How can I find the execution time of a section of my program in C?

I'm trying to find a way to get the execution time of a section of code in C. I've already tried both time() and clock() from time.h, but it seems that time() returns seconds and clock() seems to give me milliseconds (or centiseconds?) I would like something more precise though. Is there a way I can grab the time with at least microsecond precision?
This only needs to be able to compile on Linux.
You referred to clock() and time() - were you looking for gettimeofday()?
That will fill in a struct timeval, which contains seconds and microseconds.
Of course the actual resolution is up to the hardware.
For what it's worth, here's one that's just a few macros:
#include <time.h>
clock_t startm, stopm;
#define START if ( (startm = clock()) == -1) {printf("Error calling clock");exit(1);}
#define STOP if ( (stopm = clock()) == -1) {printf("Error calling clock");exit(1);}
#define PRINTTIME printf( "%6.3f seconds used by the processor.", ((double)stopm-startm)/CLOCKS_PER_SEC);
Then just use it with:
main() {
// Do stuff you want to time
You want a profiler application.
Search keywords at SO and search engines: linux profiling
Have a look at gettimeofday,
clock_*, or get/setitimer.
Try "bench.h"; it lets you put a START_TIMER; and STOP_TIMER("name"); into your code, allowing you to arbitrarily benchmark any section of code (note: only recommended for short sections, not things taking dozens of milliseconds or more). Its accurate to the clock cycle, though in some rare cases it can change how the code in between is compiled, in which case you're better off with a profiler (though profilers are generally more effort to use for specific sections of code).
It only works on x86.
You might want to google for an instrumentation tool.
You won't find a library call which lets you get past the clock resolution of your platform. Either use a profiler (man gprof) as another poster suggested, or - quick & dirty - put a loop around the offending section of code to execute it many times, and use clock().
gettimeofday() provides you with a resolution of microseconds, whereas clock_gettime() provides you with a resolution of nanoseconds.
int clock_gettime(clockid_t clk_id, struct timespec *tp);
The clk_id identifies the clock to be used. Use CLOCK_REALTIME if you want a system-wide clock visible to all processes. Use CLOCK_PROCESS_CPUTIME_ID for per-process timer and CLOCK_THREAD_CPUTIME_ID for a thread-specific timer.
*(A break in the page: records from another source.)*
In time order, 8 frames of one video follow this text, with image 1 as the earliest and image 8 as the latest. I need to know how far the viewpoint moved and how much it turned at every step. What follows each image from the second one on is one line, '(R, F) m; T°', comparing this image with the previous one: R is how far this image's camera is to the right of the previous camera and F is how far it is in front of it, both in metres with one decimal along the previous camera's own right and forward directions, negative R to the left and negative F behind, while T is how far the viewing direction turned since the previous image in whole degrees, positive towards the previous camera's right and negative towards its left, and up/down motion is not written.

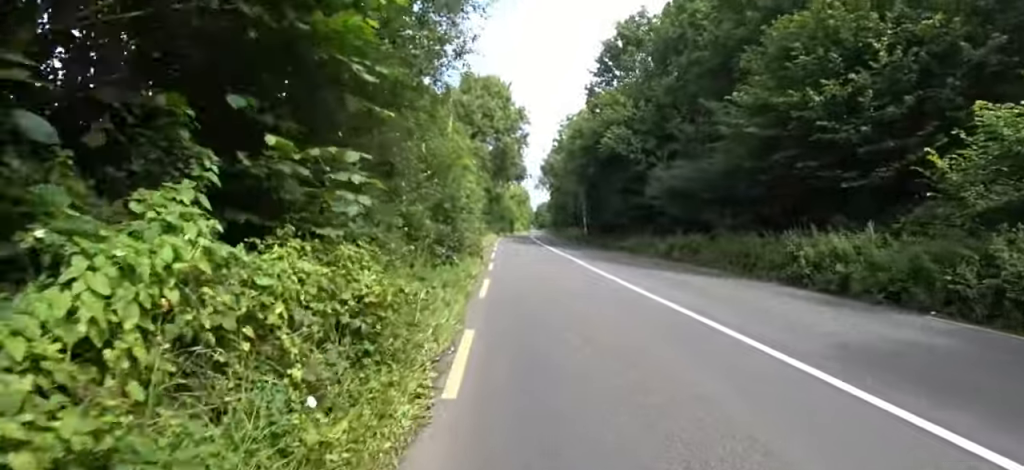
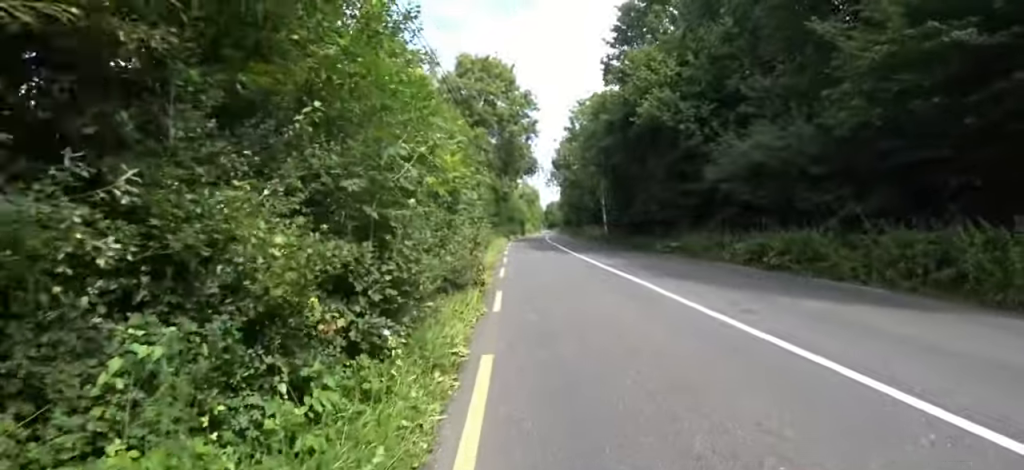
(+0.1, +5.5) m; +2°
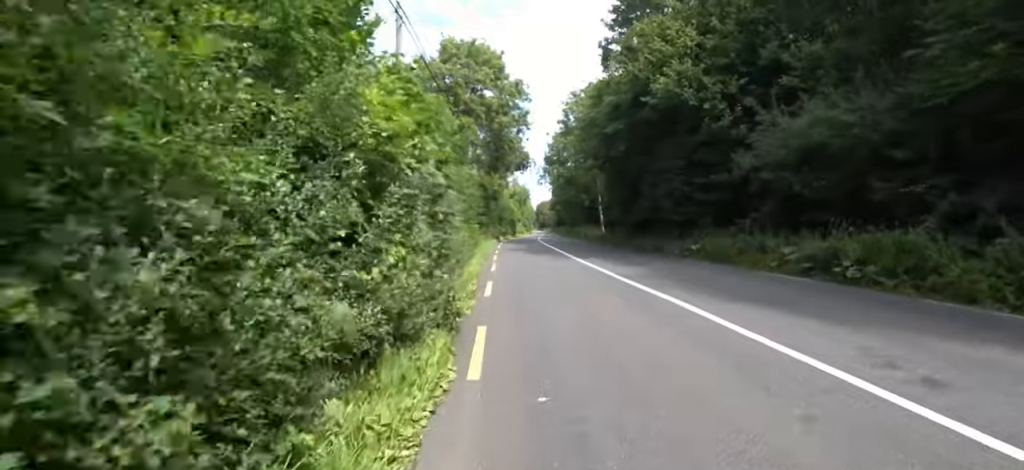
(-0.2, +2.9) m; +4°
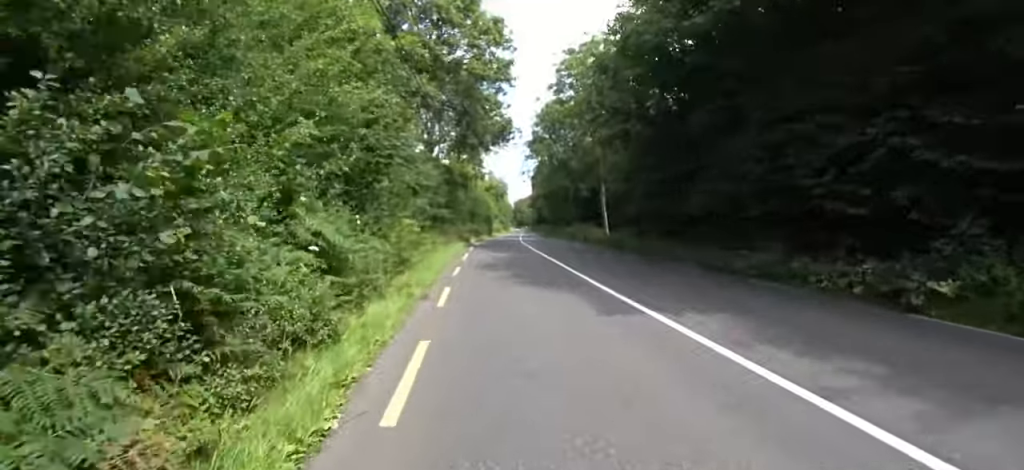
(+1.0, +8.9) m; -2°
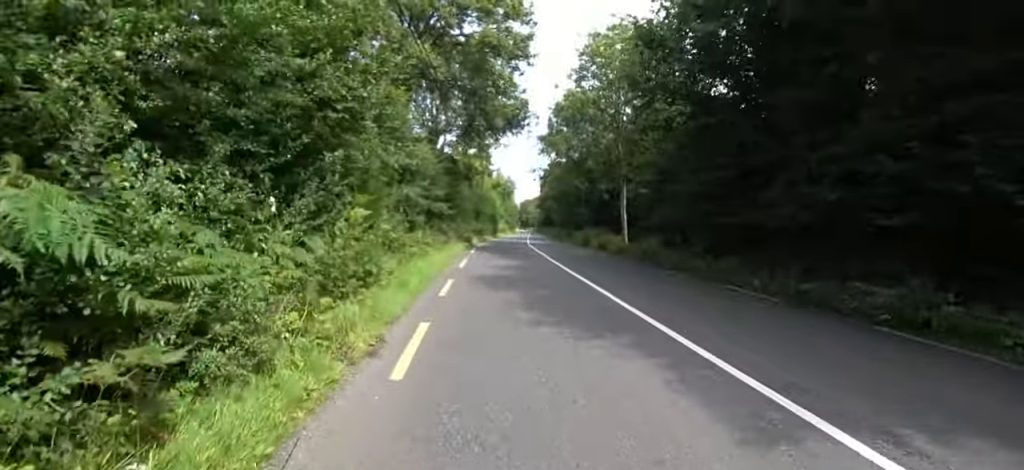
(-0.7, +3.0) m; -5°
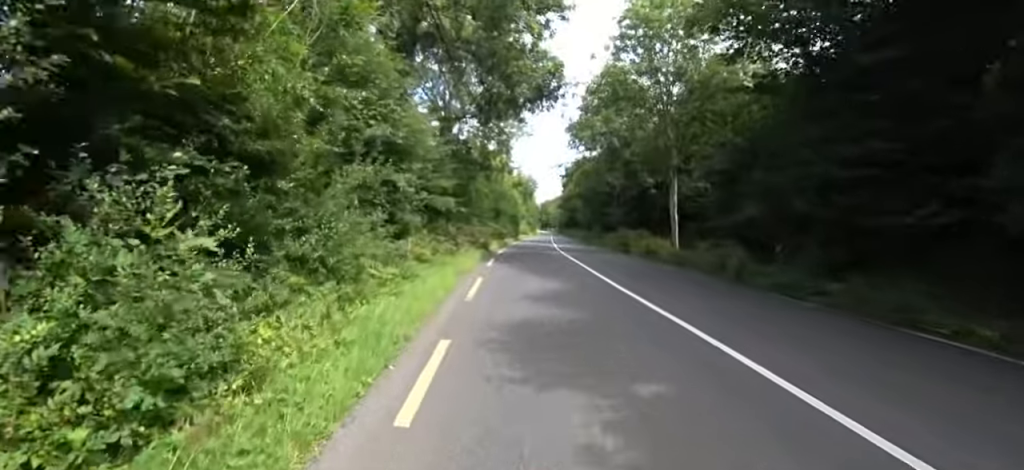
(-0.2, +4.5) m; -2°
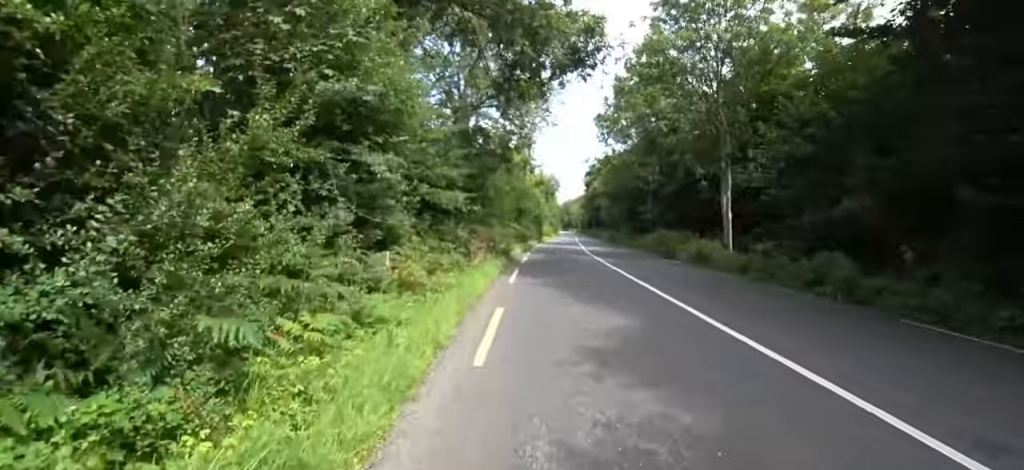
(+0.2, +3.2) m; +2°
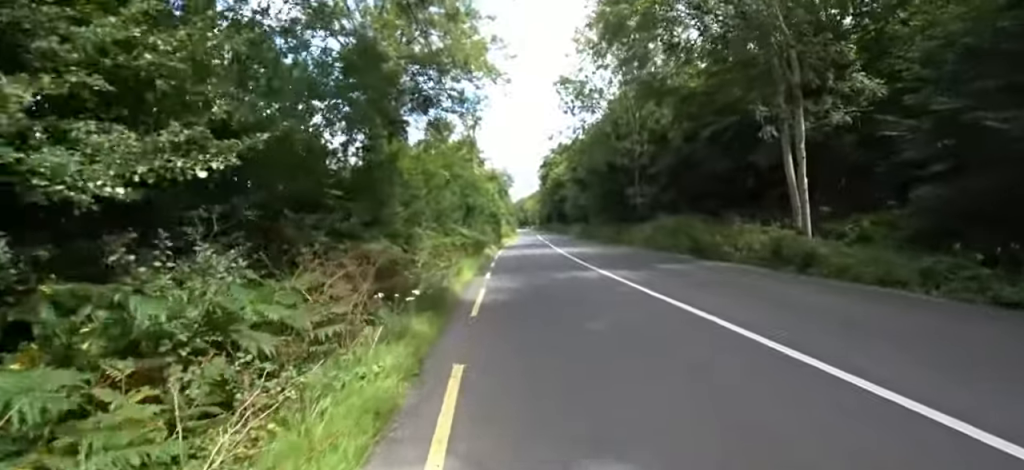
(+0.4, +8.0) m; +11°

It depends on the conditions.. Profilers are nice for general global views however if you really need an accurate view my recommendation is KISS. Simply run the code in a loop such that it takes a minute or so to complete. Then compute a simple average based on the total run time and iterations executed.
This approach allows you to:
Obtain accurate results with low resolution timers.
Not run into issues where instrumentation interferes with high speed caches (l2,l1,branch..etc) close to the processor. However running the same code in a tight loop can also provide optimistic results that may not reflect real world conditions.
Don't know which enviroment/OS you are working on, but your timing may be inaccurate if another thread, task, or process preempts your timed code in the middle. I suggest exploring mechanisms such as mutexes or semaphores to prevent other threads from preemting your process.
If you are developing on x86 or x64 why not use the Time Stamp Counter: RDTSC.
It will be more reliable then Ansi C functions like time() or clock() as RDTSC is an atomic function. Using C functions for this purpose can introduce problems as you have no guarantee that the thread they are executing in will not be switched out and as a result the value they return will not be an accurate description of the actual execution time you are trying to measure.
With RDTSC you can better measure this. You will need to convert the tick count back into a human readable time H:M:S format which will depend on the processors clock frequency but google around and I am sure you will find examples.
However even with RDTSC you will be including the time your code was switched out of execution, while a better solution than using time()/clock() if you need an exact measurement you will have to turn to a profiler that will instrument your code and take into account when your code is not actually executing due to context switches or whatever.